### Task directions
Your answer should be the full listing, copied word for word.

### Source material
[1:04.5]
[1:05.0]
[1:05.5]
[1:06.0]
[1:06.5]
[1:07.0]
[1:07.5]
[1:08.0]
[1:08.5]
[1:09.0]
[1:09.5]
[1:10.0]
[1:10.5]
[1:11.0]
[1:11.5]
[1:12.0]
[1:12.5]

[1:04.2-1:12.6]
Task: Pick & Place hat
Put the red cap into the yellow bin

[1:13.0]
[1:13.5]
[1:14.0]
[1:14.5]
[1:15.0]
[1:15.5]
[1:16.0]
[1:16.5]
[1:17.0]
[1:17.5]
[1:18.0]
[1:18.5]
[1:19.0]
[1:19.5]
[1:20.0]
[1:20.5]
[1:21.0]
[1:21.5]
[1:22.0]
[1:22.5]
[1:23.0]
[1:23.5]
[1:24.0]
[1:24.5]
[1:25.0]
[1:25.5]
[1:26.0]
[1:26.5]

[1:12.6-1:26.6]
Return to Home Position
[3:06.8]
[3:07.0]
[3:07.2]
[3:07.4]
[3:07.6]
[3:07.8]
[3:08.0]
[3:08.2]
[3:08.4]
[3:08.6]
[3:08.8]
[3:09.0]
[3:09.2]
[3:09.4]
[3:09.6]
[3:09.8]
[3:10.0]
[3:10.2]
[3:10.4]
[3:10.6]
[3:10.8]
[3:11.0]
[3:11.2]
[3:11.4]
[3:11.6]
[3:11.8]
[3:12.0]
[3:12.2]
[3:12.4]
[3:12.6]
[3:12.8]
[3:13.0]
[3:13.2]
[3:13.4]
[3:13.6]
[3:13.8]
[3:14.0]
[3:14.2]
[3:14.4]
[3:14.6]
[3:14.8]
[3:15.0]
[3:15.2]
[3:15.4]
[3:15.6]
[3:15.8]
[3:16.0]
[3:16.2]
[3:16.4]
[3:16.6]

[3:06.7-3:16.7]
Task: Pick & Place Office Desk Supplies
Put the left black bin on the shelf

### Result of the task
[1:04.5]
[1:05.0]
[1:05.5]
[1:06.0]
[1:06.5]
[1:07.0]
[1:07.5]
[1:08.0]
[1:08.5]
[1:09.0]
[1:09.5]
[1:10.0]
[1:10.5]
[1:11.0]
[1:11.5]
[1:12.0]
[1:12.5]

[1:04.2-1:12.6]
Task: Pick & Place hat
Put the red cap into the yellow bin

[1:13.0]
[1:13.5]
[1:14.0]
[1:14.5]
[1:15.0]
[1:15.5]
[1:16.0]
[1:16.5]
[1:17.0]
[1:17.5]
[1:18.0]
[1:18.5]
[1:19.0]
[1:19.5]
[1:20.0]
[1:20.5]
[1:21.0]
[1:21.5]
[1:22.0]
[1:22.5]
[1:23.0]
[1:23.5]
[1:24.0]
[1:24.5]
[1:25.0]
[1:25.5]
[1:26.0]
[1:26.5]

[1:12.6-1:26.6]
Return to Home Position
[3:06.8]
[3:07.0]
[3:07.2]
[3:07.4]
[3:07.6]
[3:07.8]
[3:08.0]
[3:08.2]
[3:08.4]
[3:08.6]
[3:08.8]
[3:09.0]
[3:09.2]
[3:09.4]
[3:09.6]
[3:09.8]
[3:10.0]
[3:10.2]
[3:10.4]
[3:10.6]
[3:10.8]
[3:11.0]
[3:11.2]
[3:11.4]
[3:11.6]
[3:11.8]
[3:12.0]
[3:12.2]
[3:12.4]
[3:12.6]
[3:12.8]
[3:13.0]
[3:13.2]
[3:13.4]
[3:13.6]
[3:13.8]
[3:14.0]
[3:14.2]
[3:14.4]
[3:14.6]
[3:14.8]
[3:15.0]
[3:15.2]
[3:15.4]
[3:15.6]
[3:15.8]
[3:16.0]
[3:16.2]
[3:16.4]
[3:16.6]

[3:06.7-3:16.7]
Task: Pick & Place Office Desk Supplies
Put the left black bin on the shelf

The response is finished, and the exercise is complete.